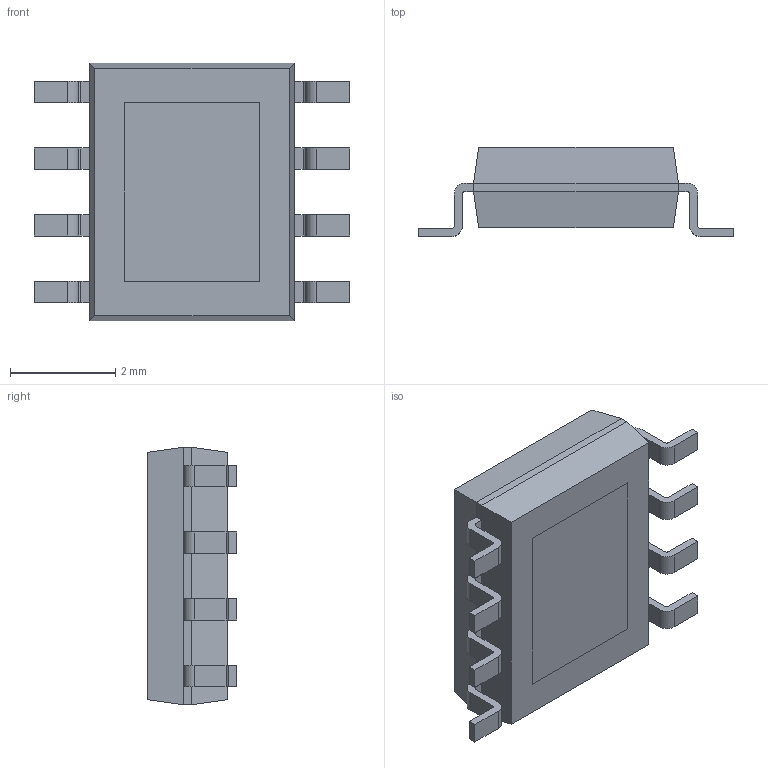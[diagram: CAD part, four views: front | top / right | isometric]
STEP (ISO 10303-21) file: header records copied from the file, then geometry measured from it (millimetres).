
FILE_DESCRIPTION (( 'STEP AP214' ), '1' );
FILE_NAME ('AL8862SP-13.STEP', '2020-12-18T12:06:49', ( '' ), ( '' ), 'SwSTEP 2.0', 'SolidWorks 2018', '' );
FILE_SCHEMA (( 'AUTOMOTIVE_DESIGN' ));
Length unit declared in the file: millimetre
Products named in the file (1): AL8862SP-13
Bounding box: 6 x 1.7 x 4.9 mm (x, y, z)
Volume: 29 mm3; surface area: 98.5 mm2
Topology: 10 solids, 10 shells, 137 faces, 340 edges, 224 vertices
Faces by surface type: plane 105, cylinder 32
Entity records: 4149 total; most frequent: CARTESIAN_POINT 702, ORIENTED_EDGE 680, DIRECTION 680, EDGE_CURVE 340, VECTOR 276, LINE 276, VERTEX_POINT 224, AXIS2_PLACEMENT_3D 202
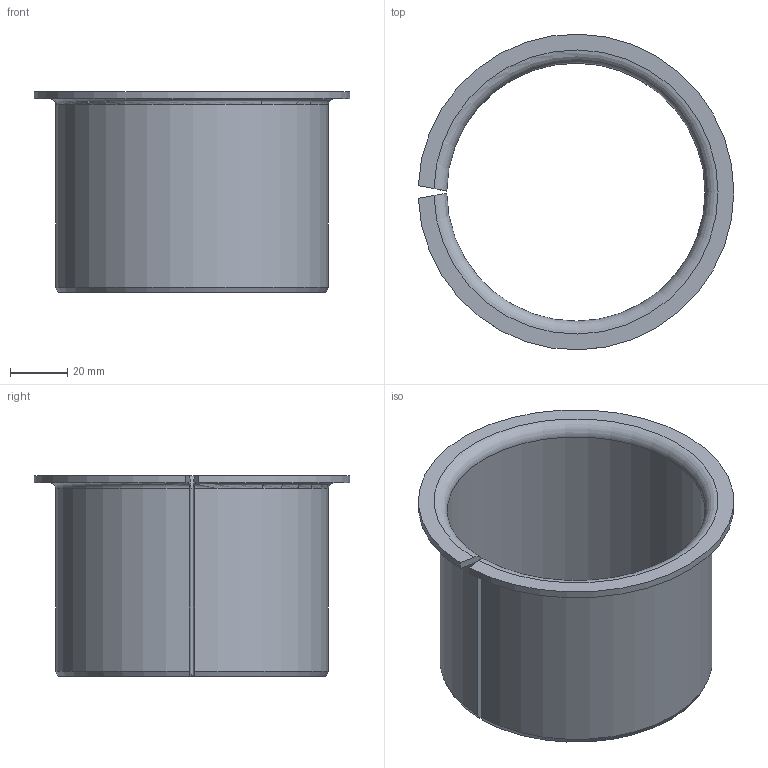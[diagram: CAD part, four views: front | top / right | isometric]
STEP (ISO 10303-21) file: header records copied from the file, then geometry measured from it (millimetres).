
FILE_DESCRIPTION(('STEP AP203'),'1');
FILE_NAME('475-FBB090-9070.stp','2016-09-21T15:03:50',(' '),(' '),'Spatial InterOp 3D',' ',' ');
FILE_SCHEMA(('CONFIG_CONTROL_DESIGN'));
Length unit declared in the file: metre
Products named in the file (2): 475-FBB090-9070
Assembly tree (1 placements, depth 2):
  (unnamed)
    475-FBB090-9070
Bounding box: 109.96 x 109.98 x 70 mm (x, y, z)
Volume: 55335.8 mm3; surface area: 46139.7 mm2
Topology: 1 solids, 1 shells, 12 faces, 30 edges, 20 vertices
Faces by surface type: plane 5, cylinder 3, cone 2, torus 2
Entity records: 524 total; most frequent: CARTESIAN_POINT 140, DIRECTION 60, ORIENTED_EDGE 60, EDGE_CURVE 30, AXIS2_PLACEMENT_3D 24, VERTEX_POINT 20, ADVANCED_FACE 12, FACE_OUTER_BOUND 12

★ ★ ★

Task objective:
The records above should be repeated exactly, with no pictures in the copy.

Answer below:
[diagram: CAD part, four views: front | top / right | isometric]
STEP (ISO 10303-21) file: header records copied from the file, then geometry measured from it (millimetres).
FILE_DESCRIPTION (( 'STEP AP214' ), '1' );
FILE_NAME ('AL8862SP-13.STEP', '2020-12-18T12:06:49', ( '' ), ( '' ), 'SwSTEP 2.0', 'SolidWorks 2018', '' );
FILE_SCHEMA (( 'AUTOMOTIVE_DESIGN' ));
Length unit declared in the file: millimetre
Products named in the file (1): AL8862SP-13
Bounding box: 6 x 1.7 x 4.9 mm (x, y, z)
Volume: 29 mm3; surface area: 98.5 mm2
Topology: 10 solids, 10 shells, 137 faces, 340 edges, 224 vertices
Faces by surface type: plane 105, cylinder 32
Entity records: 4149 total; most frequent: CARTESIAN_POINT 702, ORIENTED_EDGE 680, DIRECTION 680, EDGE_CURVE 340, VECTOR 276, LINE 276, VERTEX_POINT 224, AXIS2_PLACEMENT_3D 202
[diagram: CAD part, four views: front | top / right | isometric]
STEP (ISO 10303-21) file: header records copied from the file, then geometry measured from it (millimetres).
FILE_DESCRIPTION(('STEP AP203'),'1');
FILE_NAME('475-FBB090-9070.stp','2016-09-21T15:03:50',(' '),(' '),'Spatial InterOp 3D',' ',' ');
FILE_SCHEMA(('CONFIG_CONTROL_DESIGN'));
Length unit declared in the file: metre
Products named in the file (2): 475-FBB090-9070
Assembly tree (1 placements, depth 2):
  (unnamed)
    475-FBB090-9070
Bounding box: 109.96 x 109.98 x 70 mm (x, y, z)
Volume: 55335.8 mm3; surface area: 46139.7 mm2
Topology: 1 solids, 1 shells, 12 faces, 30 edges, 20 vertices
Faces by surface type: plane 5, cylinder 3, cone 2, torus 2
Entity records: 524 total; most frequent: CARTESIAN_POINT 140, DIRECTION 60, ORIENTED_EDGE 60, EDGE_CURVE 30, AXIS2_PLACEMENT_3D 24, VERTEX_POINT 20, ADVANCED_FACE 12, FACE_OUTER_BOUND 12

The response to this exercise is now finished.